How to move temporary object without std::move [duplicate]

Question

Move constructor of class accepts rvalue reference which can be reference to temporary object. So, i have temporary object and appropriate move constructor which can accept reference to temporary object, but move constructor does not called. What`s wrong?

    //g++  5.4.0

#include <iostream>

class foo
{
    int data;
public:
    foo(int v) : data(v) {std::cout << "foo(int)\n";}

    foo(foo&& f)
    {
        std::cout << "moved\n";
    }

    void print()
    {
        std::cout << data;
    }
};

void acceptTmp(foo f)
{
    f.print();
}

int main()
{
    foo f1 = foo(100);
    f1.print();
    acceptTmp(foo(200)); //also does not move
}

Answer 1

What`s wrong?

Nothing is wrong, except for your expectation that the move constructor would be called.

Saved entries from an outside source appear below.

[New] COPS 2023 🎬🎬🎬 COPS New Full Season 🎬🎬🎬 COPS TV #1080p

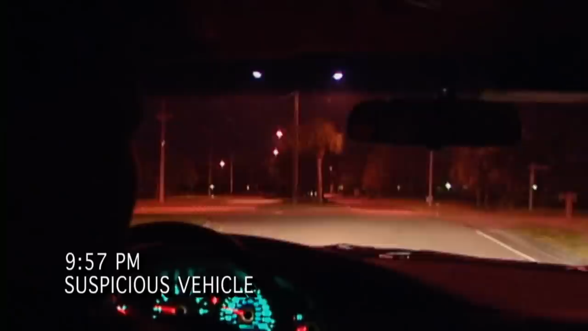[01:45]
I'm not sure if this is a gated community or not, but he's sitting at the entrance.
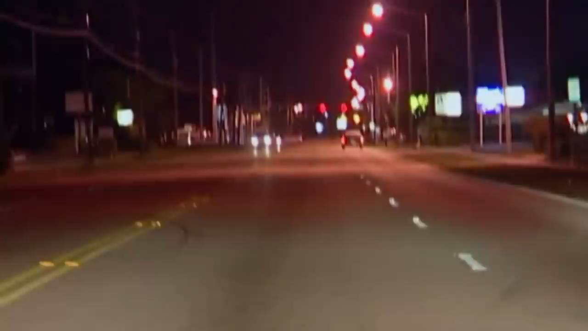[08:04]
I believe I might be behind your caddy, maroon in color. We had a burly to a vehicle, and there was a maroon caddy involved, and I think we're behind the vehicle now.
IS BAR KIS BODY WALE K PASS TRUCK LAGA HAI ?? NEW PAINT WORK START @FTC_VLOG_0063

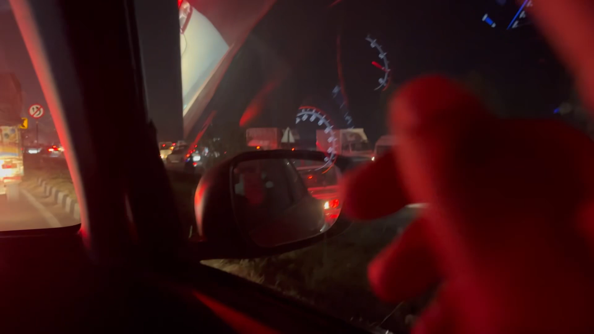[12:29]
जितनी लोग जल्दी करते हैं अगे जाने की उतनी जल्दी जाम मैंता है और मैं तुमें पूरा
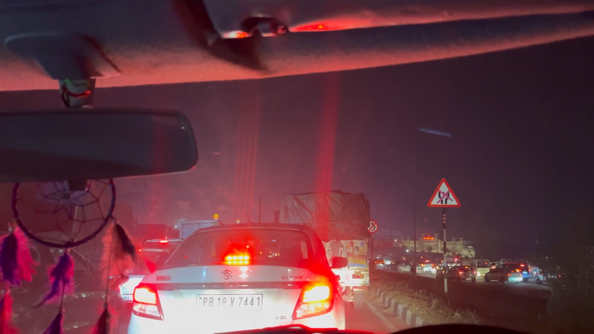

Prior to C++17, the temporary object would indeed be moved into the argument from the point of view of the abstract machine. However, the standard allows the move to be elided by the compiler, by constructing the temporary directly in place of the object where it would be moved into. You cannot rely on the side-effects of the move constructor to occur.

Post C++17, there is no temporary object or move involved. The standard guarantees that the argument is constructed in place.

---

The lack of a move is a good thing. Moving an object is potentially slower than not moving it.